Every morning at 3:30 a.m., a bleary-eyed Nejaha Abubeker gets out of bed, turns on the coffee maker and gets ready for work. The OR attendant rides the mostly empty bus to the hospital, arriving an hour and a half before most of her co-workers walk through the door. Her job? Setting up the OR for a busy day of surgeries. “I love that early shift because I can go at my pace,” she says. “I’m setting up the rooms with IVs, blood, blood warmers and tools.”

Once she’s prepped her ORs, most of which perform cardiac, ear, nose and throat, or general surgeries, she escorts the surgical patients to their procedures. “I greet them, make sure I check their arm bands and ensure I am getting the right patient to the right room,” she says.

Part of her job is also to calm down and relax anxious patients, which she does by telling them amusing stories about her five children. “I’m here to help the patient,” she says, adding that she takes time to answer any questions a patient might have and put their mind at ease. Her methods work. “I’ve never had a panicking patient I couldn’t calm down,” she says. After the surgery is done, Abubeker meticulously cleans the OR and brings in any extra equipment needed for the next procedure.

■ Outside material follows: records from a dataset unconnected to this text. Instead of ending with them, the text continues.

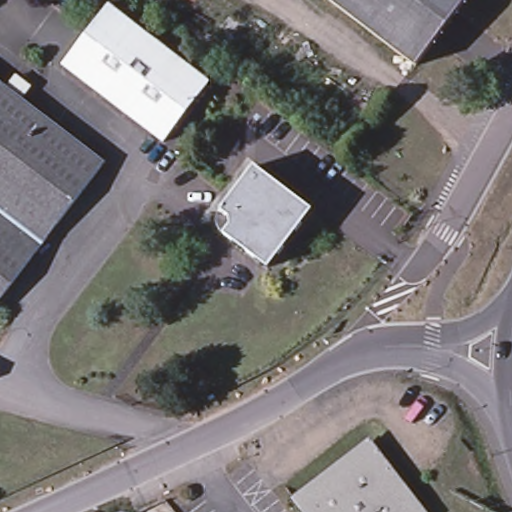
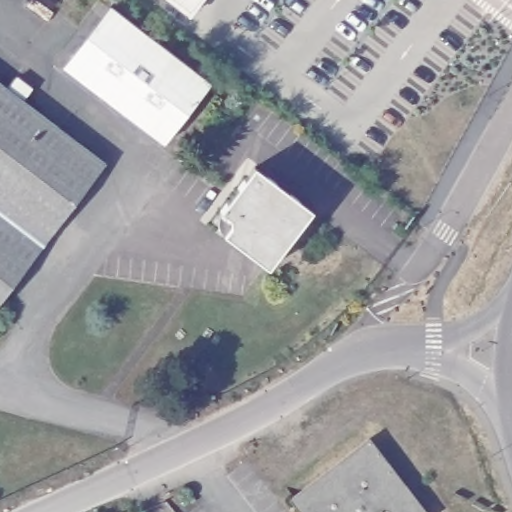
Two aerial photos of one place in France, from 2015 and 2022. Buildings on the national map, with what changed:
new [(190,16),(169,0),(202,0),(190,16)]
demolished [(410,75),(310,0),(467,0),(410,75)]
unchanged [(109,5),(211,82),(167,144),(62,69),(109,5)]
unchanged [(97,160),(98,161),(0,289),(0,85),(97,160)]
unchanged [(218,230),(217,228),(216,226),(215,224),(215,222),(215,220),(215,218),(215,216),(215,215),(217,213),(217,211),(218,210),(237,186),(252,166),(310,210),(295,230),(266,267),(222,233),(220,232),(218,230)]
unchanged [(370,442),(425,512),(312,512),(300,496),(370,442)]

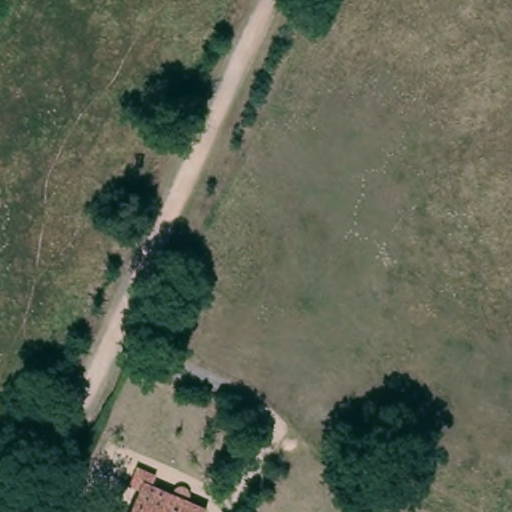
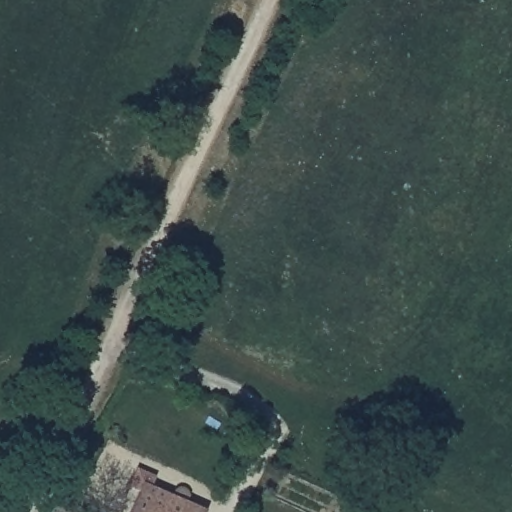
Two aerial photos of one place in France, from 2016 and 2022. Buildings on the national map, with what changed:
unchanged [(169,502),(169,496),(171,492),(175,490),(177,489),(181,491),(182,491),(185,494),(186,497),(186,501),(184,504),(180,506),(193,512),(129,512),(139,489),(156,497),(169,502)]

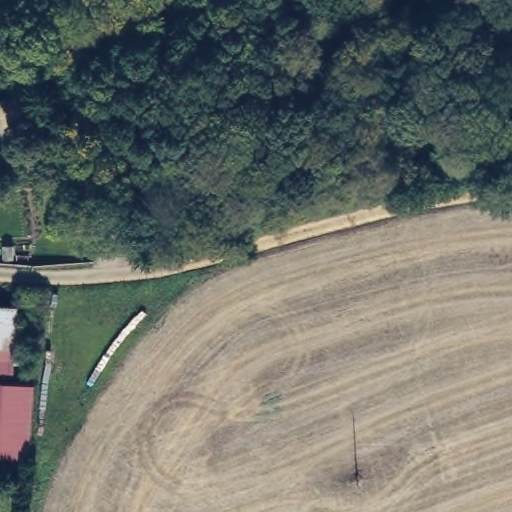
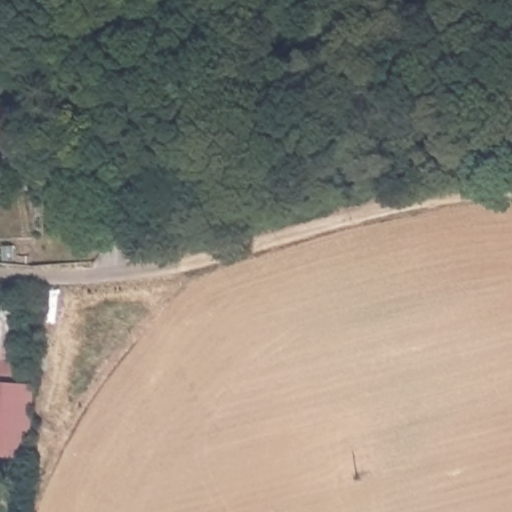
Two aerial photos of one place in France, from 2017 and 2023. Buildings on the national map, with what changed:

Abubeker’s days, which usually end around 2:30 p.m., may be jam-packed, but she says it’s special working alongside a closely knit team. “My fellow OR attendants and the nurses, managers and surgeons are like family,” she says. “It’s busy, but I love it.”

The trailblazer: Rajesh Patel

Charge Anesthesia Assistant, Toronto Western Hospital, Sprott Department of Surgery

Rajesh Patel knows about flexibility. The charge anesthesia assistant, who has been with UHN since 1992, is responsible for scheduling 45 anesthesia assistants at Toronto Western Hospital and Women’s College Hospital. His staff, who are specially trained registered respiratory therapists and critical care registered nurses, must move fluidly between the main ORs and other surgical divisions, as well as endoscopy, echo labs, cardiac procedure rooms and MRI units, providing coverage where needed and giving breaks to anesthesiologists.

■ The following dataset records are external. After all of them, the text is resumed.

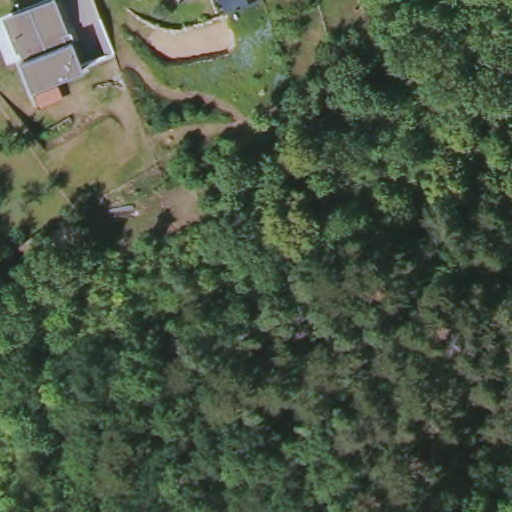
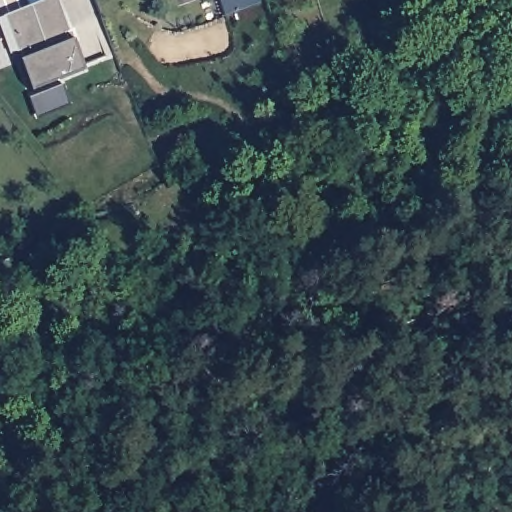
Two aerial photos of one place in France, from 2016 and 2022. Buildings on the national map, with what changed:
unchanged [(62,0),(78,37),(74,40),(86,70),(33,90),(4,15),(45,0),(62,0)]

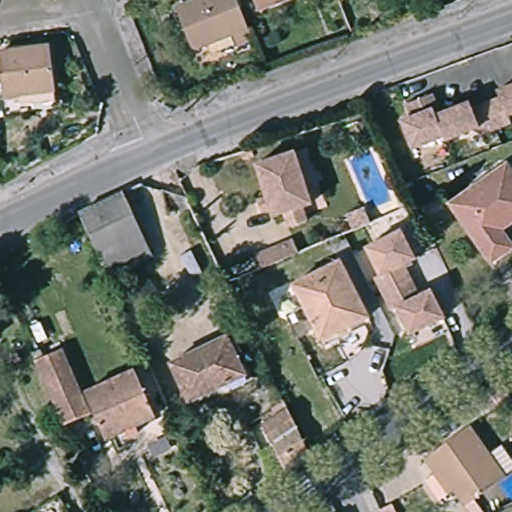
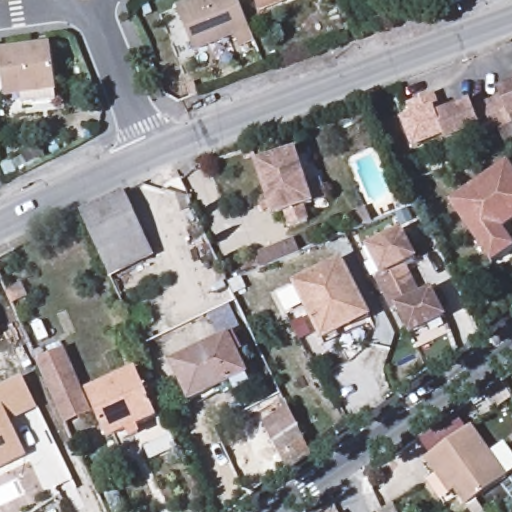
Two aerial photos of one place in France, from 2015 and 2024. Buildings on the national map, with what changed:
unchanged [(201,50),(184,3),(190,0),(242,0),(254,30),(201,50)]
unchanged [(259,2),(258,0),(264,0),(259,2)]
unchanged [(428,16),(418,20),(412,5),(423,1),(428,16)]
unchanged [(10,98),(5,57),(51,51),(56,91),(10,98)]
unchanged [(408,103),(434,93),(442,112),(471,101),(474,107),(502,96),(499,90),(512,84),(512,114),(510,115),(512,121),(512,122),(482,134),(480,127),(445,140),(444,136),(413,148),(402,120),(413,116),(408,103)]
unchanged [(314,202),(304,205),(309,220),(292,225),(287,211),(275,215),(259,165),(297,152),(314,202)]
unchanged [(510,234),(512,238),(512,259),(498,270),(458,209),(512,171),(512,232),(510,234)]
unchanged [(140,235),(151,257),(108,277),(88,233),(79,212),(107,199),(122,192),(142,234),(140,235)]
unchanged [(355,231),(349,217),(367,209),(373,223),(355,231)]
unchanged [(376,276),(380,274),(368,246),(403,230),(417,260),(406,264),(413,279),(384,293),(376,276)]
unchanged [(254,259),(280,248),(289,245),(292,252),(294,256),(259,271),(254,259)]
unchanged [(369,316),(321,339),(296,282),(342,259),(369,316)]
unchanged [(413,279),(421,294),(432,288),(442,307),(445,312),(446,314),(408,332),(396,307),(392,309),(384,293),(413,279)]
unchanged [(21,284),(26,296),(10,303),(5,291),(21,284)]
unchanged [(233,340),(250,379),(194,404),(177,365),(233,340)]
unchanged [(63,353),(72,372),(74,371),(94,415),(70,425),(42,363),(63,353)]
unchanged [(160,416),(110,438),(90,394),(141,371),(160,416)]
new [(27,457),(0,470),(0,388),(22,377),(39,411),(11,424),(27,457)]
unchanged [(284,471),(262,422),(288,409),(309,454),(284,471)]
unchanged [(474,505),(448,470),(443,473),(432,458),(477,426),(512,475),(512,477),(474,505)]

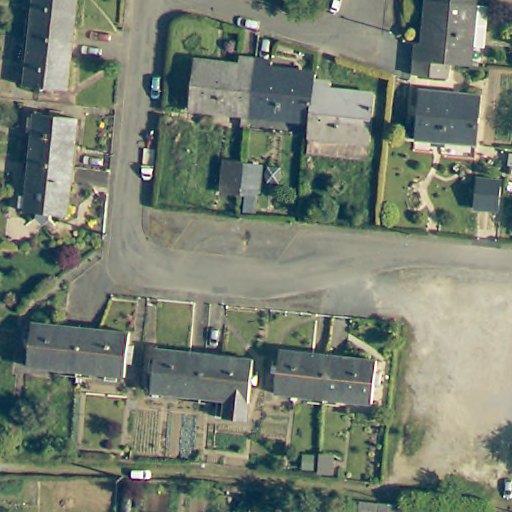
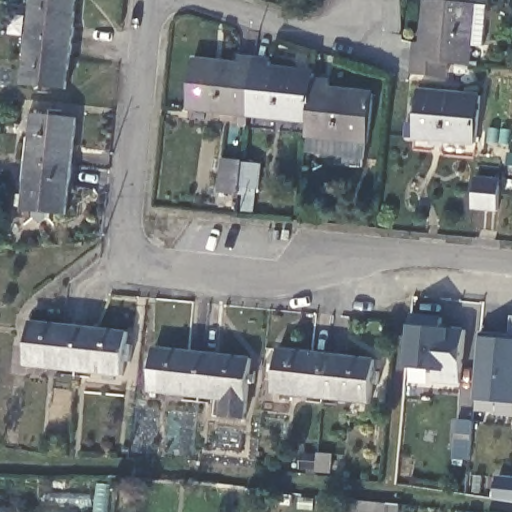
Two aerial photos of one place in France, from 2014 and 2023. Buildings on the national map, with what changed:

His team’s flexibility has proven invaluable at a time when COVID-19 has created a backlog of surgeries. “UHN is leading this profession,” he says of the role, adding it has helped boost surgical efficiency. “We increased the number of surgeries we do.”

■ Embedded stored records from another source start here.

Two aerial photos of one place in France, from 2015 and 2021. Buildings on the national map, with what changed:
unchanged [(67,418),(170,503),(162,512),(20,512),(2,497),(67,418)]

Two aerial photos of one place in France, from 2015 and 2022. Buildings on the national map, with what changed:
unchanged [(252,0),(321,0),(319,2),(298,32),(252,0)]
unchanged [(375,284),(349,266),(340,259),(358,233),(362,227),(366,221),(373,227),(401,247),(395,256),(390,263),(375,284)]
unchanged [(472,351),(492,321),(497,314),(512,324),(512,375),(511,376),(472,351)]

In 2001, UHN became the first centre to widely implement the role of an anesthesia assistant.

While anesthesia assistants are not anesthesiologists, they can work independently in an OR under orders from an anesthesiologist, where they can assess the patient, place IVs and administer anesthetics safely. Anesthesia assistants enable the anesthesiologists to run more complex and difficult cases, while the anesthesia assistants complete shorter and less-invasive cases. Anesthesia assistants play a vital role in the OR, and with them, UHN has been able to increase the number of surgeries performed daily.

Patel is most fond of the constant learning opportunities and challenges his position deals with. “It can be a quiet, calm day in the cataract room or a difficult one in the cardiac room,” he says. “We do so many varied and different cases. No day is the same.”

This original article appeared in the 2023 issue of the Sprott Department of Surgery magazine.